**WHAT THE EXERCISE ASKS**
In the listing that follows, the lines starting at the one containing "cover by kind: broadleaved" and ending at the one containing "longitude: 17.6801" are to be returned exactly, both boundary lines included, and no others.

**TASK MATERIAL**
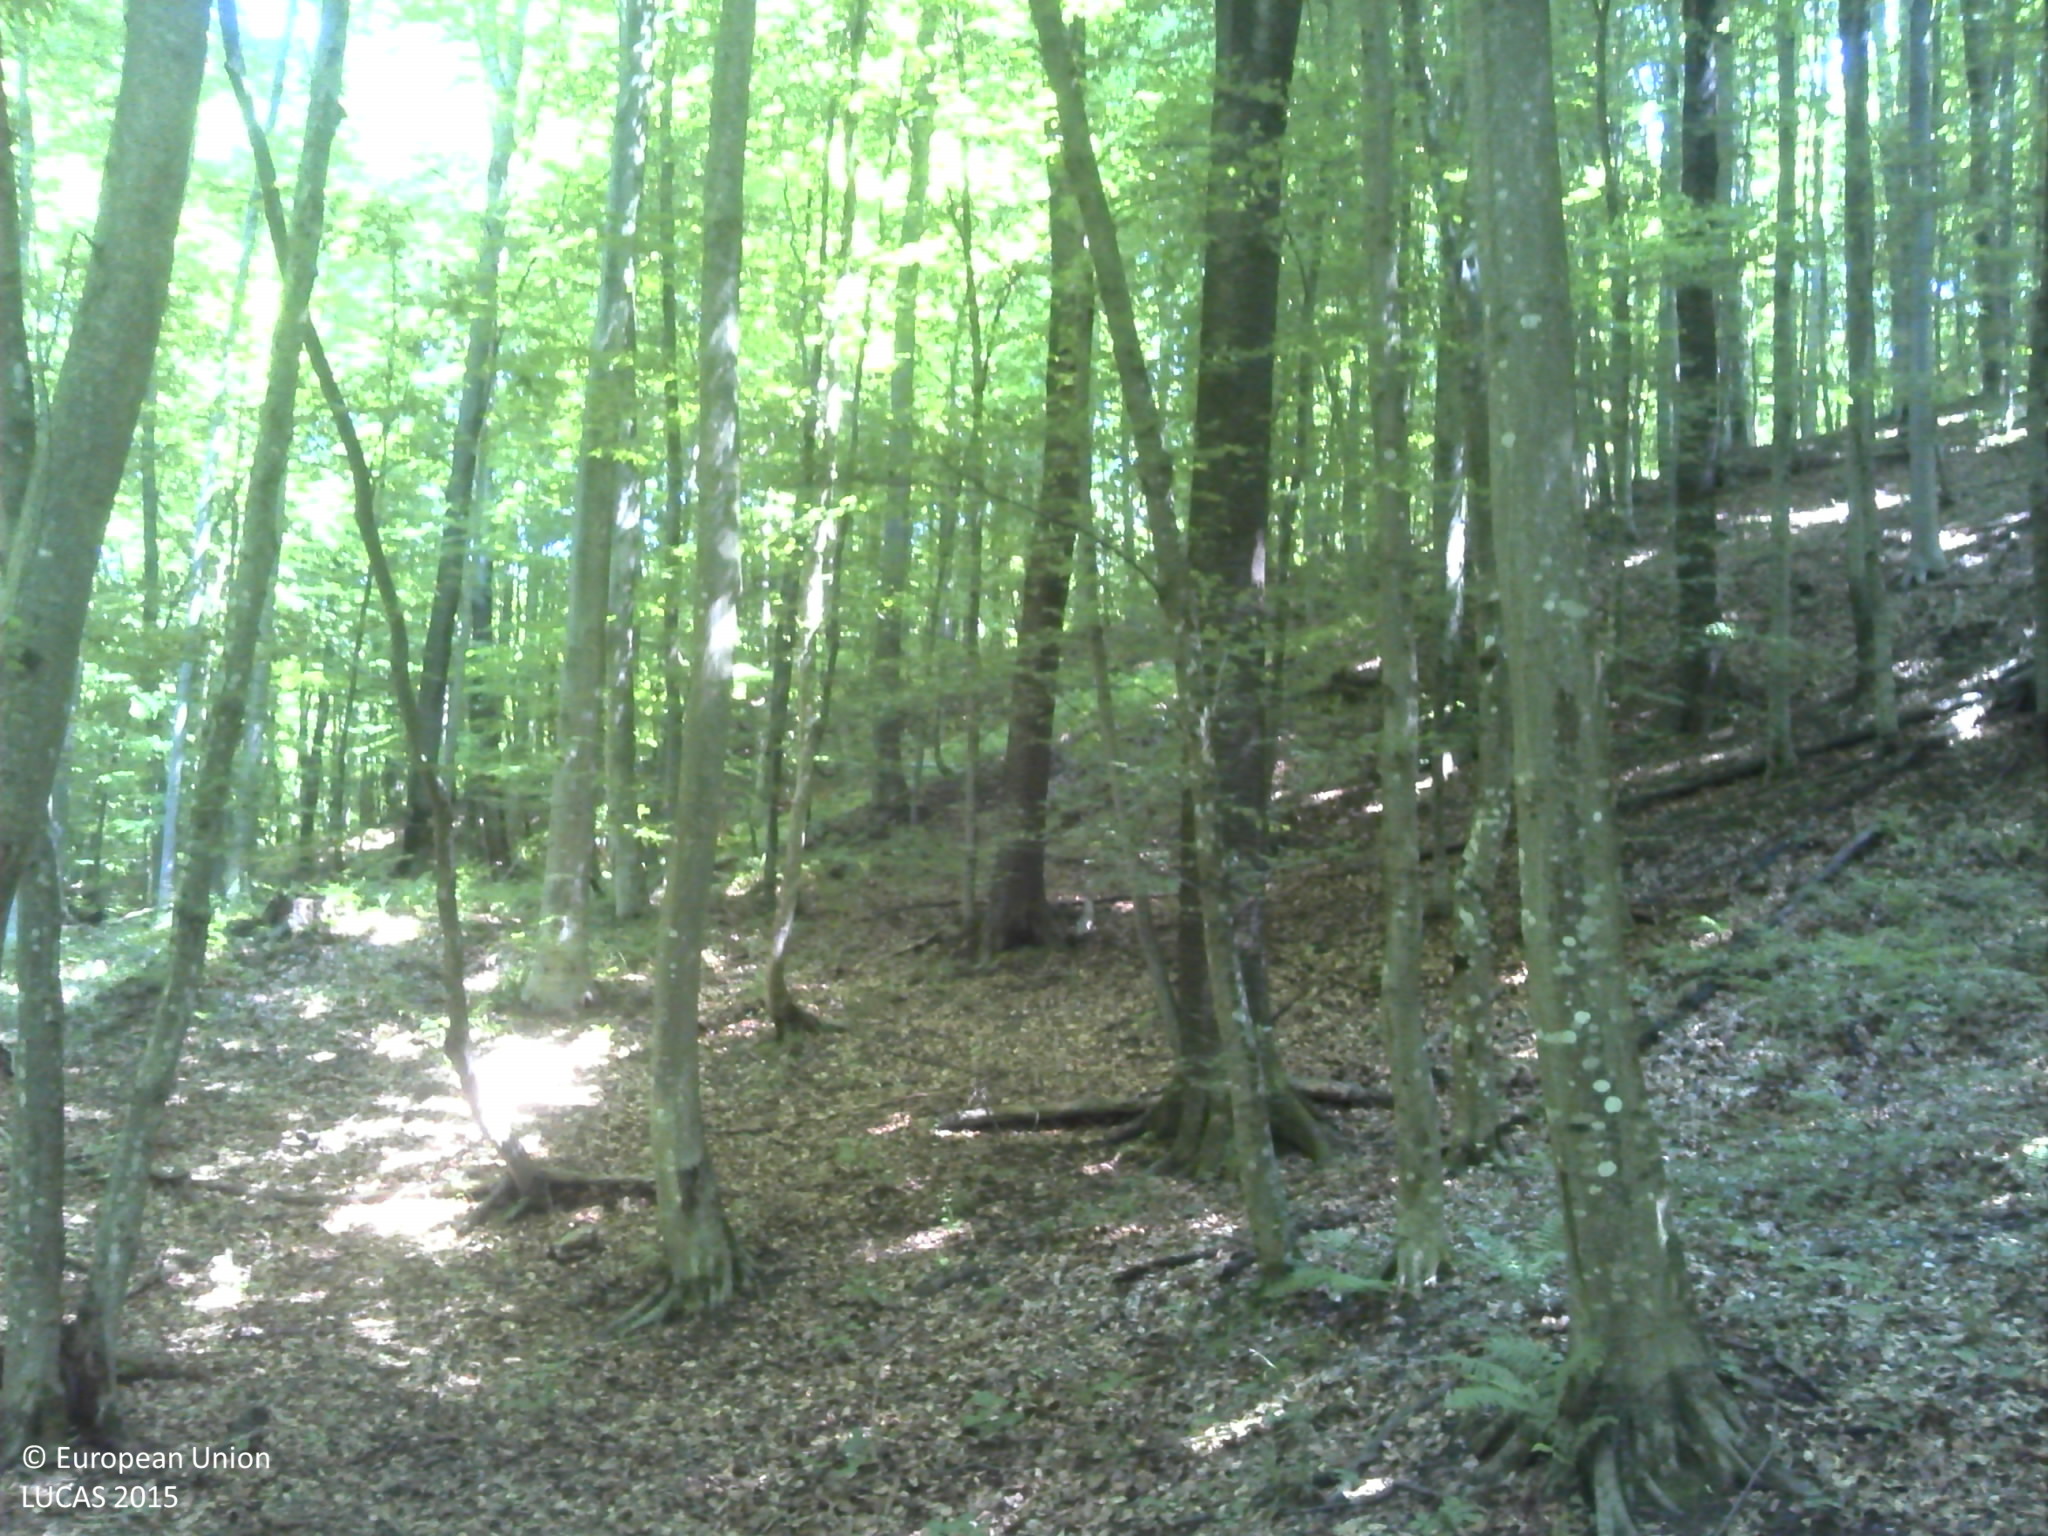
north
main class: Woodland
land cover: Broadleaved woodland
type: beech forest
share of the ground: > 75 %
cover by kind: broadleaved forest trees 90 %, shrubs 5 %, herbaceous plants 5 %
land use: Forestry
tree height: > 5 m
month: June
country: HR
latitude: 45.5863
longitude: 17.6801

...

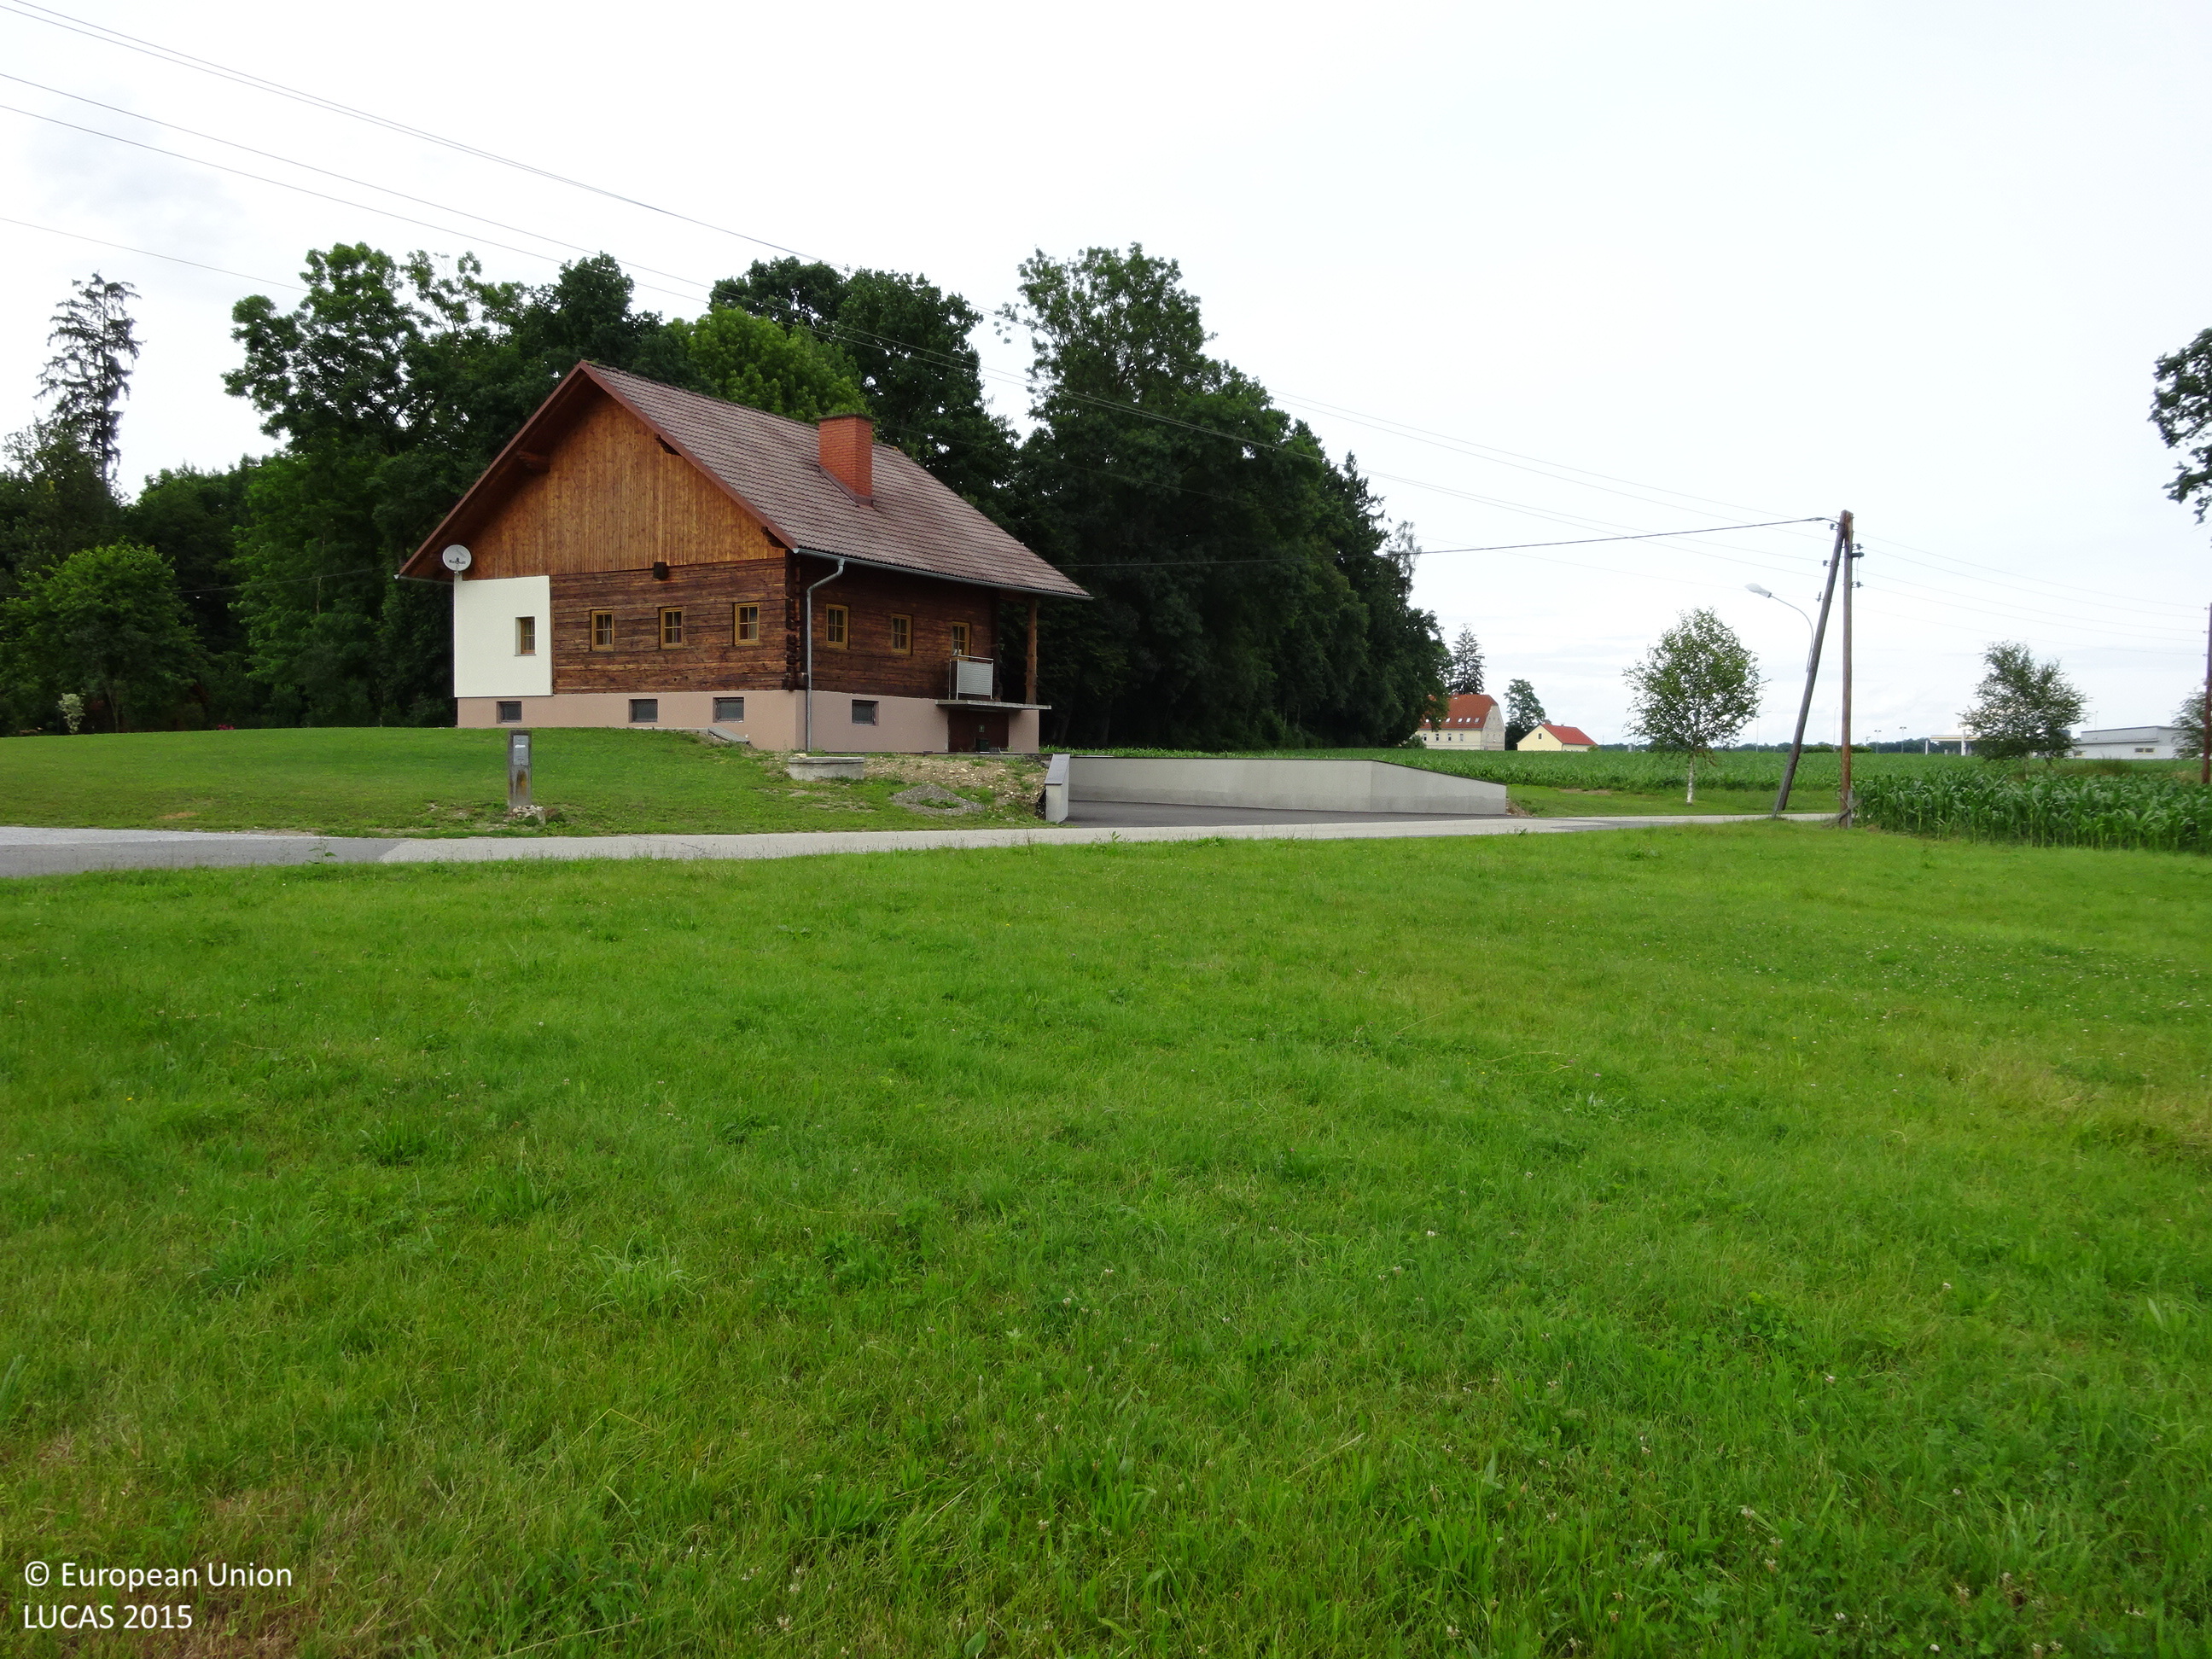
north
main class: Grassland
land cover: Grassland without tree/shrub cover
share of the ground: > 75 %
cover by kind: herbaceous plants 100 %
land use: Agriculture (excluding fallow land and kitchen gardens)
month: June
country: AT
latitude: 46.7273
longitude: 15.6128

**SOLVED PROBLEM**
cover by kind: broadleaved forest trees 90 %, shrubs 5 %, herbaceous plants 5 %
land use: Forestry
tree height: > 5 m
month: June
country: HR
latitude: 45.5863
longitude: 17.6801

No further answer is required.